Permissions Explorer
Overview
The Permission Explorer feature provides deep visibility into Salesforce user access. It helps administrators quickly identify sensitive or overprivileged permissions and understand exactly how those permissions are granted. With two modes—User Permissions and Object Access—Permission Explorer makes it easier to strengthen security, maintain compliance, and prevent unauthorized access.

Key Benefits
Identify Risky Access: Detect users with sensitive or overly broad permissions.
Trace Permissions: See where access comes from.
Explore Object Access: Understand who can read, edit, create, or delete specific objects.
Predefined Templates: Start quickly with built-in queries for common risk scenarios.
Compliance & Audit Support: Demonstrate clear oversight of access control during audits.
Modes of Permission Explorer
1. Explore User Permissions
Quick Explorer Use predefined templates to answer critical questions such as:
Who can access everything without restriction?
Who can deploy code directly to production?
Who can take over user accounts?
Who can grant elevated access to themselves or others?
Who can move large volumes of data in and out?
Who can weaken password policies?
These templates accelerate common security investigations and reduce manual query building.

Saved Queries Any custom queries you’ve created are saved and easily accessible from the Permission Explorer homepage.

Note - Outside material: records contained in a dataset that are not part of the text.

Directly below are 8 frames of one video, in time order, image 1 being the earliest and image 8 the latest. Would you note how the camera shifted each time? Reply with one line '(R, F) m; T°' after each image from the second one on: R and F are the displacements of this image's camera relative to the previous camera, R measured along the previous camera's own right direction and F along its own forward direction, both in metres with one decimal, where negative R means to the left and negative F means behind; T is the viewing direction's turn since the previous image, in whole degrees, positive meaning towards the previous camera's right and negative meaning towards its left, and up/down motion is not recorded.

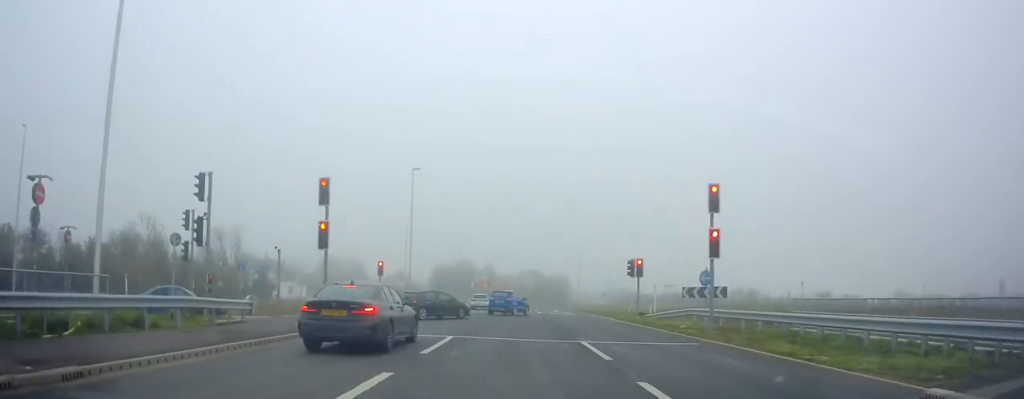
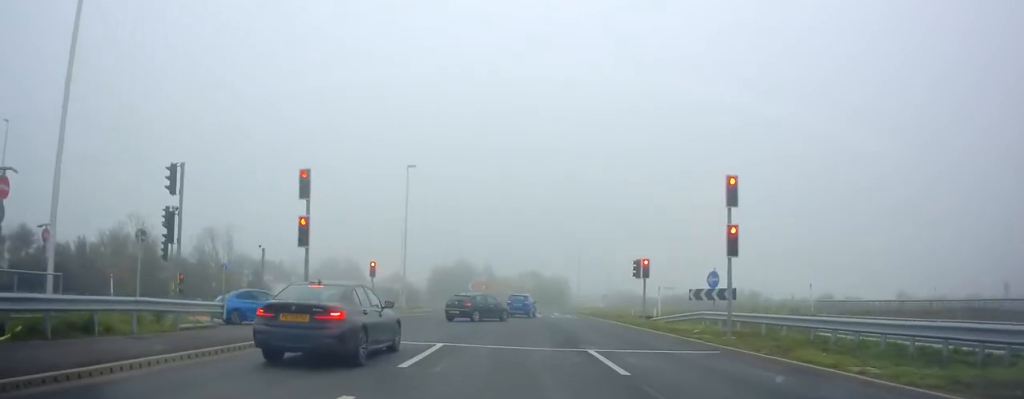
(-0.1, +1.9) m; +1°
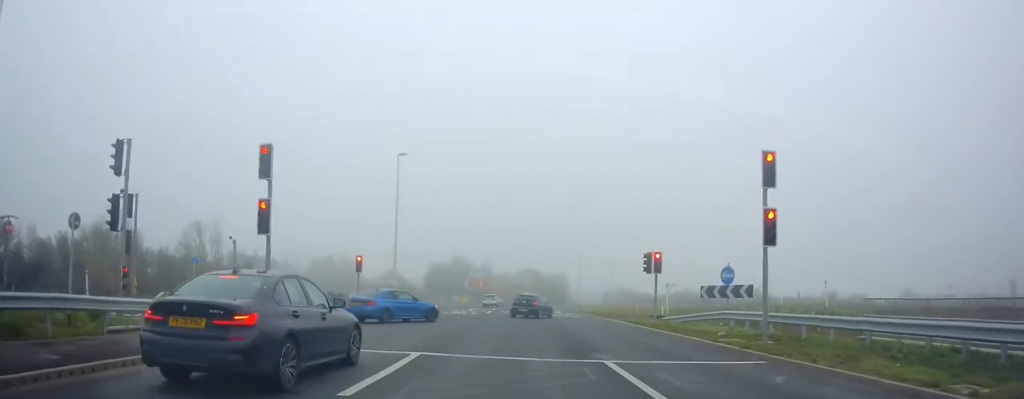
(+0.1, +2.9) m; +3°
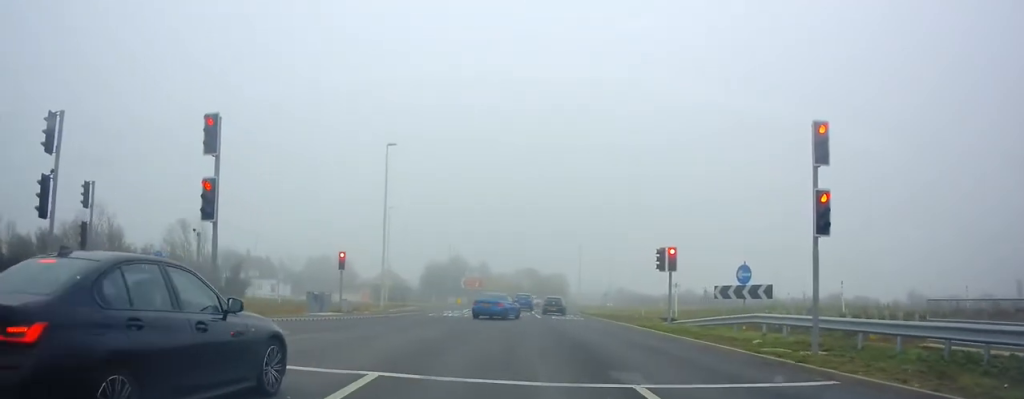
(0.0, +2.8) m; +1°
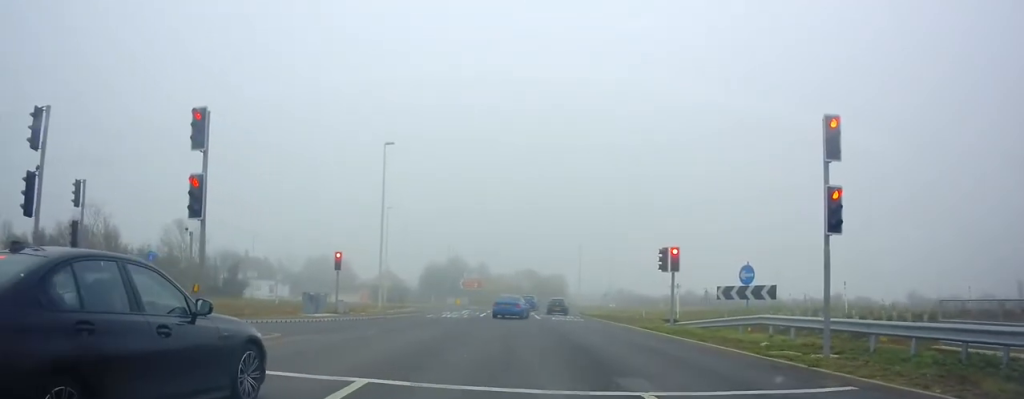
(0.0, +0.4) m; 0°
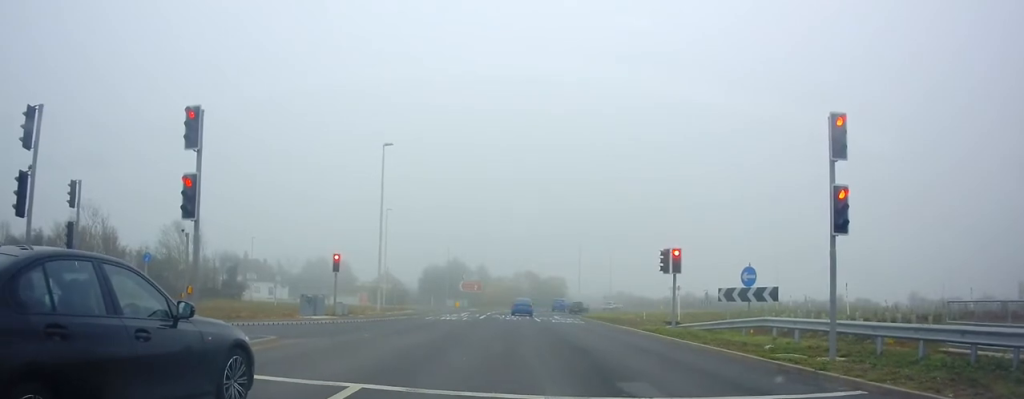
(-0.1, +0.5) m; 0°
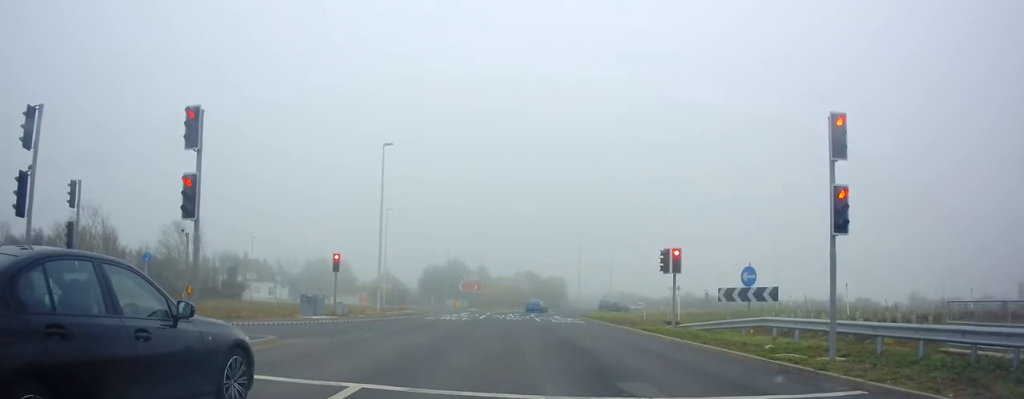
(-0.1, +0.3) m; 0°
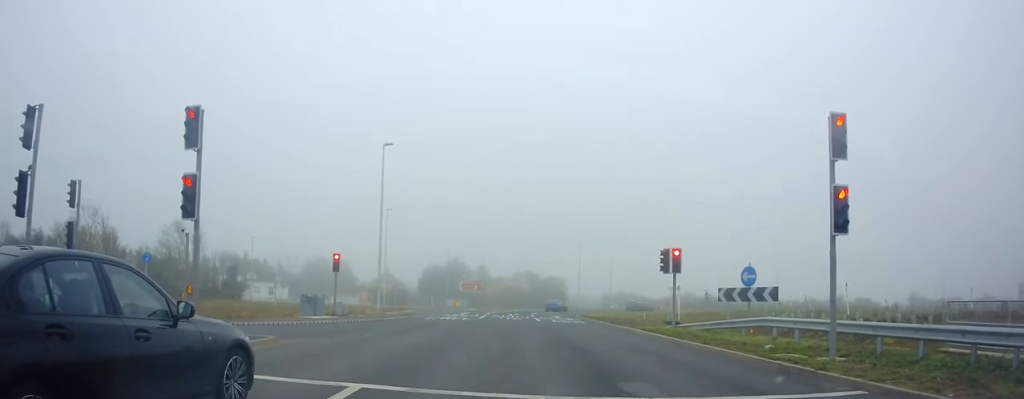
(0.0, 0.0) m; 0°

Custom Explorer For deeper analysis, create your own queries by selecting permissions grouped into categories such as:
Access Control
Custom Code
Data Export / Data Input
Integration
Password Management
Super Admin Permissions (full permissions reserved for only a few trusted users)
User Management
Once permissions are selected, the tool shows:
Which users hold the permissions
The source of access (profile or permission set)

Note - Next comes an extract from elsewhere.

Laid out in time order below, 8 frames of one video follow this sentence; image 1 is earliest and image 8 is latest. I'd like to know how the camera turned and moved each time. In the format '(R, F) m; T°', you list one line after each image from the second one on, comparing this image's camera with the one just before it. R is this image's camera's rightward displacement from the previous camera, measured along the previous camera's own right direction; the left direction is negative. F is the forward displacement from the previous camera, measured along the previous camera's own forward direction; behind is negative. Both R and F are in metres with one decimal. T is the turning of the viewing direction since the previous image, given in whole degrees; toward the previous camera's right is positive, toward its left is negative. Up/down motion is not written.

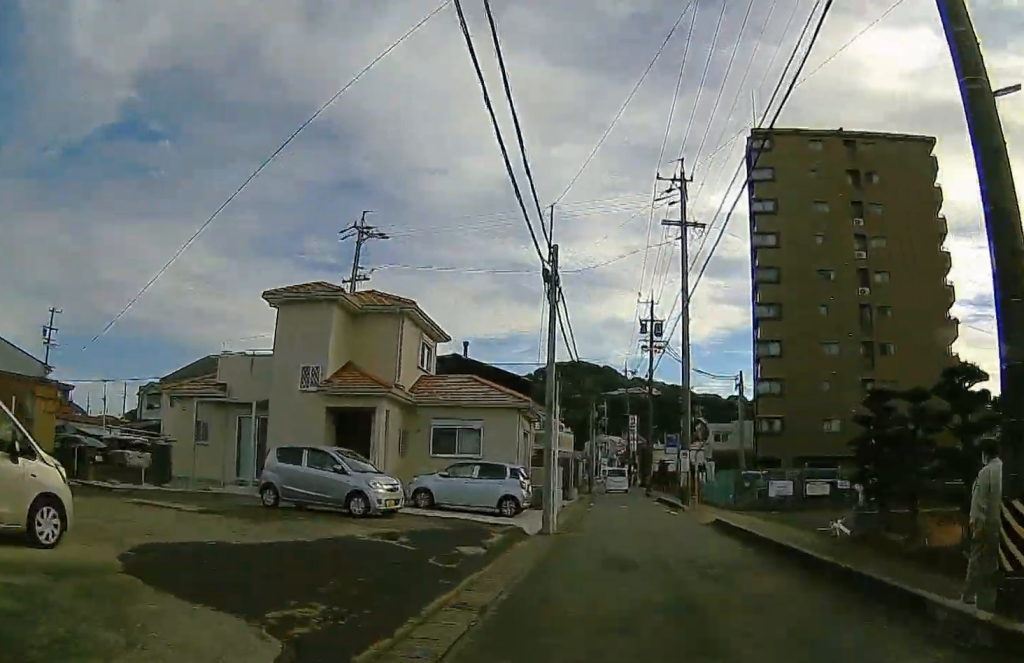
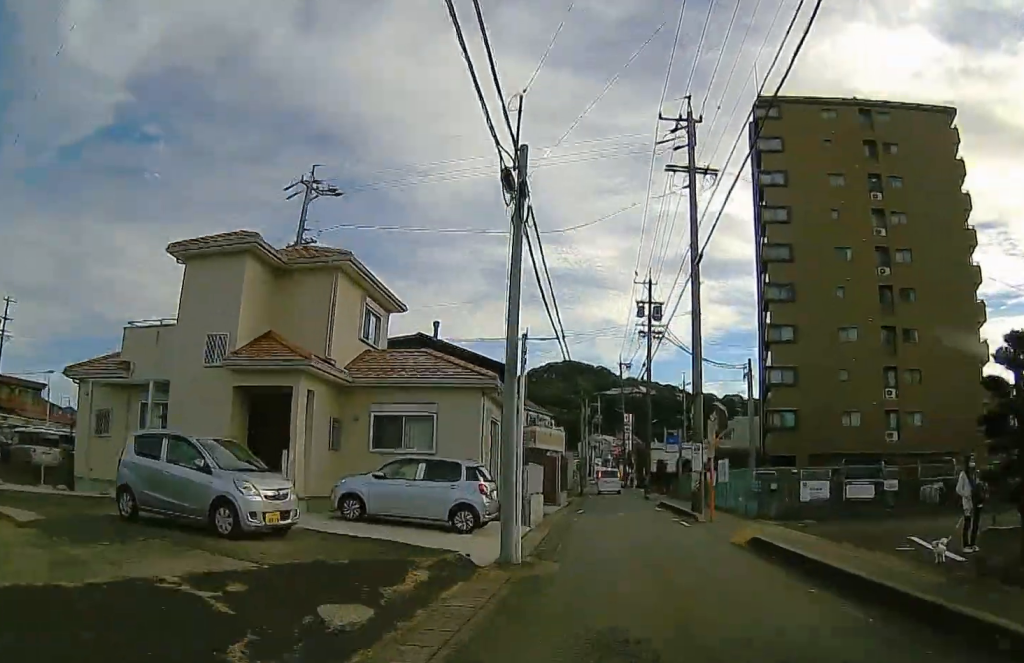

A User Detail Page with account status, creator, and activity insights
2. Explore Object Access
This mode helps you evaluate Object-level permissions across your Salesforce orgs.
Steps:
Select a Salesforce org.
Choose Standard or Custom objects.
Select the type of access to check: Read, Create, Edit, and/or Delete.
Submit the query.
Results show:
Which users have the selected access level.
Why they have access (via profile or permission set).
This mode is especially useful for compliance checks and ensuring the proper protection of sensitive objects (such as customer data).
Best Practices
Start with Quick Explorer: Use templates to spot the most common and risky scenarios.
Audit Super Admins: Regularly review who has full permissions and validate their necessity.
Save Custom Queries: Build queries that align with your internal policies or compliance frameworks and revisit them regularly.
Review Object Access Quarterly: Ensure sensitive custom objects aren’t unintentionally exposed.
Combine with User Activity Monitoring: Use insights from Permission Explorer alongside activity data for a complete security picture.
How We Determine Which Users Have Selected Permissions
To find users with specific permissions, we run complex SOQL queries (Salesforce Object Query Language) to the Salesforce org.
The queries retrieve users who are active and not frozen. The results will only show users who have the selected permissions, including those granted via profiles, permission sets, or permission set groups.
Which Permissions Can Be Inspected?
The list of permissions available for analysis is predefined and includes the most common permissions. Some examples might include permissions like Modify All Data, Export Reports, and Author Apex.
Permissions not on the list: Currently, customers cannot inspect permissions outside the predefined list. However, if there’s demand for a specific permission, AutoRABIT’s product team can consider adding it in future releases.
Why Use the Permissions Explorer?
Identify Overprivileged Users: Quickly locate users who have excessive or unnecessary permissions, helping to enforce the principle of least privilege.
Simplify Permission Audits: Gain a clear understanding of who has access to critical permissions and how they were granted, making compliance audits more efficient.
Enhance Security Posture: By classifying permissions into familiar security categories, security teams can more easily identify and mitigate potential risks, aligning Salesforce permissions with traditional security policies.
Example scenarios
Security Audits: Verify that only approved users have high-level permissions.
Compliance Reviews: Map permissions to regulatory requirements and flag risky access.
Troubleshooting: Investigate unexpected user activity by tracing their assigned permissions.
Access Optimization: Identify and reduce overprivileged accounts.